Originally Posted by diegobxr
First of all, I must say it takes a lot of balls to enter a place like this and ask such a intimate and vulnerable question with such humility. It leaves a good impression of you, at least for me. ;)
Having said that, I'd like to ask:
1) What age are you? Teens? Twenties? (I think it's not the same how you approach a 15 year old girl than a 26).
2) Do you have any other social interactions with her? Like friends in common, birthday parties, go to the same clubs, concerts or places?
3) Are you a friend to some of her friends/girlfriends?
Overall I think Larry's advice is cool. But if you're having a hard time, I'd also try to "maximise exposure" in non-school activities. That will give her more time to get to know you in a more relaxed environment. After all, that's what you want by asking her out. Everytime I met a girl I was interested into I did that, found out who her friends were, what things she liked and found my way to be around them before making the move.
Also, it's easier if her friends like you!
Anyway, I'm no casanova but that's my humble advice. And hey, above all things: don't panic, don't desperate, keep your cool and be confident. ;)
To answer your questions:
1)I'm 20, she's 18.
2)As far as friends in common, she plays in a band with my teacher (a Zeppelin cover band), but I don't see her too often outside of that class and 1 other that I have with her.
3)Again, my answer sort of ties in to the 2nd.

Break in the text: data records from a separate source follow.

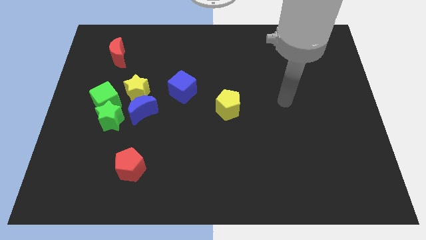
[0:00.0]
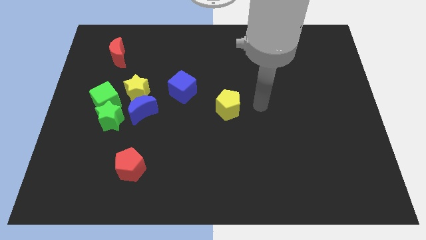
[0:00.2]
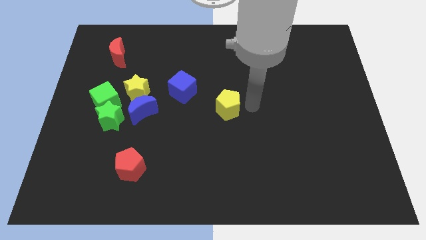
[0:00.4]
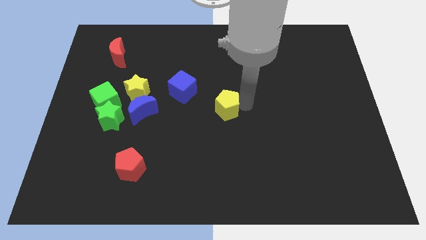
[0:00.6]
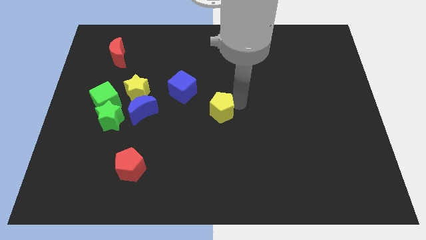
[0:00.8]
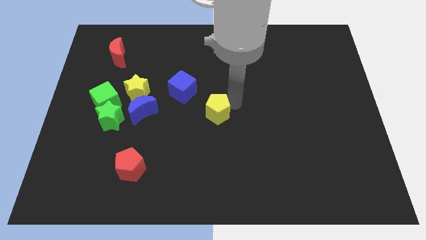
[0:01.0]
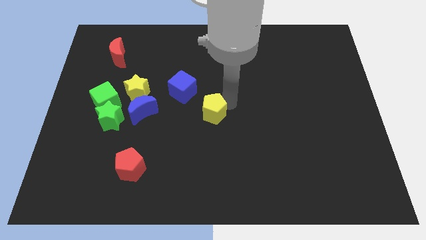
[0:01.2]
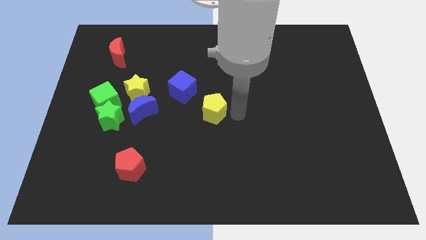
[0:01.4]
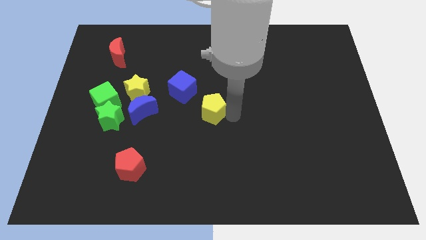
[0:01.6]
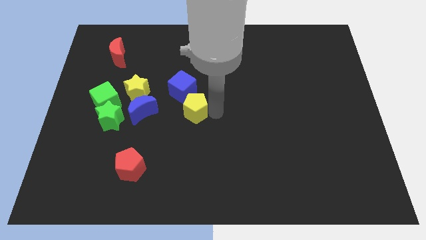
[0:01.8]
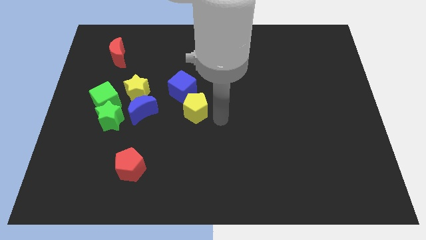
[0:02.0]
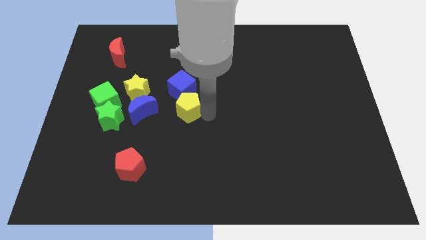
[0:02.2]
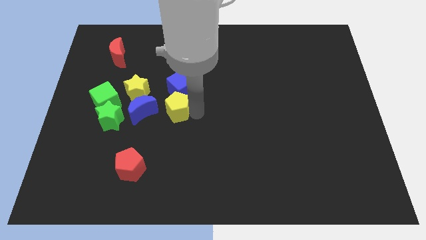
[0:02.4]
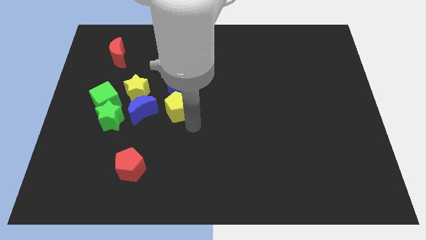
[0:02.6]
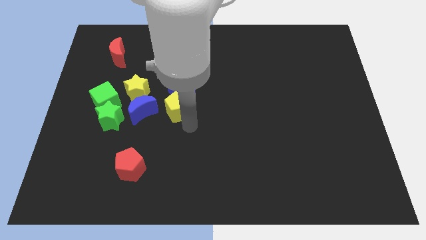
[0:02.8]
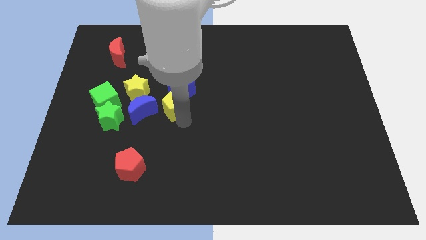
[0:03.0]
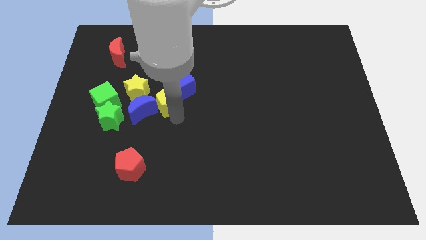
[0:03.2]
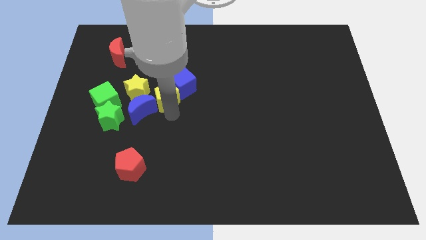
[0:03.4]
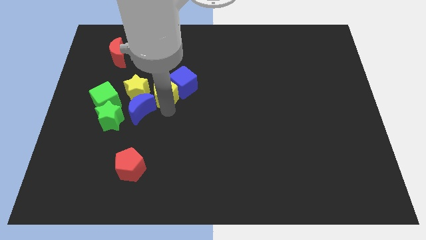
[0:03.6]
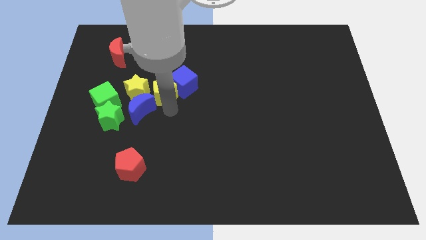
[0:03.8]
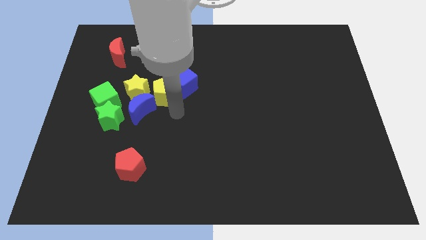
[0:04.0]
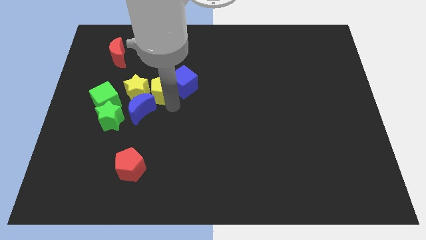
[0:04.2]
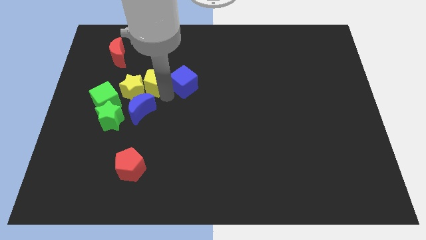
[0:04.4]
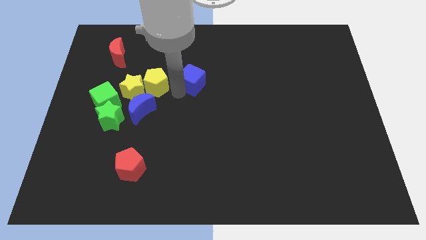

We've talked before and she seems to like me OK, so we're not strangers to each other by any means. On break we talk too, but a lot of the times it ends up being sort of a group hangout. I just wanna start easy, ask her to have a quick lunch with me before class somewhere totally casual, to the point where it doesn't sound like a date (trust me, girls at that age don't "date") and see where it goes.